The Friars followed up a 101-92 win over a sharpshooting Laval University team with a hard fought 77-75 triumph over the EA All-Stars. PC raced out to big lead over EA in the second half, but saw that lead evaporate, as EA took a late five point edge over the tiring Friars. PC fought back, however, tying the score and then won the game in dramatic fashion as freshman guard Weyinmi Efejuku drove the lane and sank a running layup with three seconds left.
So, what have we learned from the two exhibition games, as we look towards the 2005-2006 campaign? Quite a bit, actually… both good and not so good. Let's take a quick look at both the good and bad, in no particular order:
WEYINMI CAN PLAY
Quite a few Friar fans had written Weyinmi Efejuku off before ever seeing him play. After all, of the four Friar recruits, he was the lowest rated… the least well-known… pursued by Ivy League schools, among others. In the Mal Brown scrimmage, Efejuku shot poorly and did little to dispel any of those notions.

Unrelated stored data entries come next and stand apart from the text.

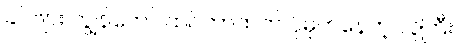
ခင်ဗျား ကျွန်တော် ထင်တာထက် ပိုမိုက်နေတဲ့ လူကြီးပဲ
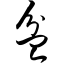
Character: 盆
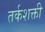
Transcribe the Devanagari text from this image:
तर्कशक्ती
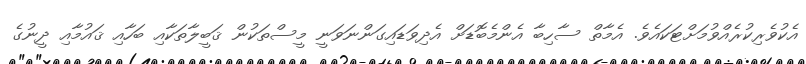
އެކުވެރިކުރެއްވުމަށްޓަކައެވެ. އެމާތް ސާހިބާ އެންމެބޮޑަށް އެދިވަޑައިގަންނަވަނީ މީސްތަކުން ޤަބީލާތަކާއި ބަހާއި ޤައުމާއި ދީނުގެ
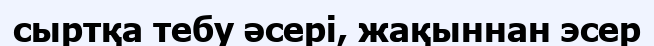
сыртқа тебу әсері, жақыннан эсер
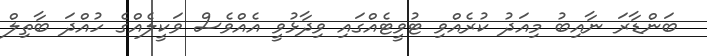
ބަންޑާރަ ނާއިބު މިއަދު ކުރެއްވި ޓުވީޓެއްގައި ވިދާޅުވީ އެއްވެސް ވަކީލެއްގެ ހުއްދަ ބާތިލް
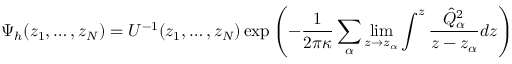
\Psi _ { h } ( z _ { 1 } , \dots , z _ { N } ) = U ^ { - 1 } ( z _ { 1 } , \dots , z _ { N } ) \exp \left( - { \frac { 1 } { 2 \pi \kappa } } \sum _ { \alpha } \operatorname * { l i m } _ { z \rightarrow z _ { \alpha } } \int ^ { z } { \frac { \hat { Q } _ { \alpha } ^ { 2 } } { z - z _ { \alpha } } } d z \right)
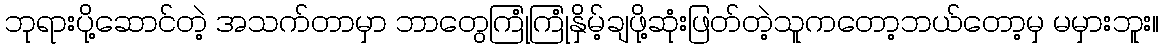
ဘုရားပို့ဆောင်တဲ့ အသက်တာမှာ ဘာတွေကြုံကြုံနှိမ့်ချဖို့ဆုံးဖြတ်တဲ့သူကတော့ဘယ်တော့မှ မမှားဘူး။

Those same fans were shocked to see him in the starting lineup against Laval, and he played 32 minutes and scored 12 points on 5 of 8 shooting, with a sweet three pointer. Beyond that, though, he played solid defense, handled the ball with confidence, and showed no opening night jitters. Against EA, Weyinmi started again, played 27 minutes, scored 14 points, and while he didn't shoot as well, he played fearlessly, taking the ball to the hoop, drawing fouls, and having his number called for the winning play. Weyinmi can play.
SEVEN IS NOT ENOUGH
In both games, the Friars were forced to go with seven scholarship players, due to injuries. DeSean White (toe), Charles Burch (back) and Ray Cross (concussion) missed both games… Sharaud Curry missed the first with a banged up finger, and Dwight Brewington missed the second with disciplinary problems.

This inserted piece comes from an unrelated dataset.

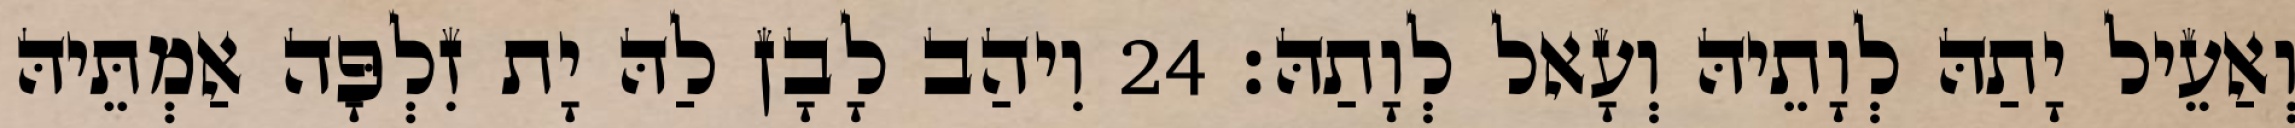
וְאַעֵיל יָתַהּ לְוָתֵיהּ וְעָאל לְוָתַהּ׃ 24 וִיהַב לָבָן לַהּ יָת זִלְפָּה אַמְתֵּיהּ

"We tired because of our numbers," said Friar coach Tim Welsh. "We can't play with a seven man rotation. You can play a seven man rotation if you've got a veteran team, but we're young. Our young guys don't understand the kind of game shape you have to be in." Indeed, in both games, the Friars looked tired at the end, and against EA, that almost cost them a game that they had seemingly won. White and Cross are likely back for the opener against Vermont; Burch is up in the air.
WHAT TO DO ABOUT BREW
Fans were surprised to see Dwight Brewington out of the starting lineup against Laval. He came off the bench to play 29 minutes and score 12 points, but looked disinterested at times. Then, news leaked out that Brew would miss the EA game, due to a suspension for "team rules violations". This is not the first time that the junior wing has had disciplinary problems, and unfortunately, once the games start, those problems become very public.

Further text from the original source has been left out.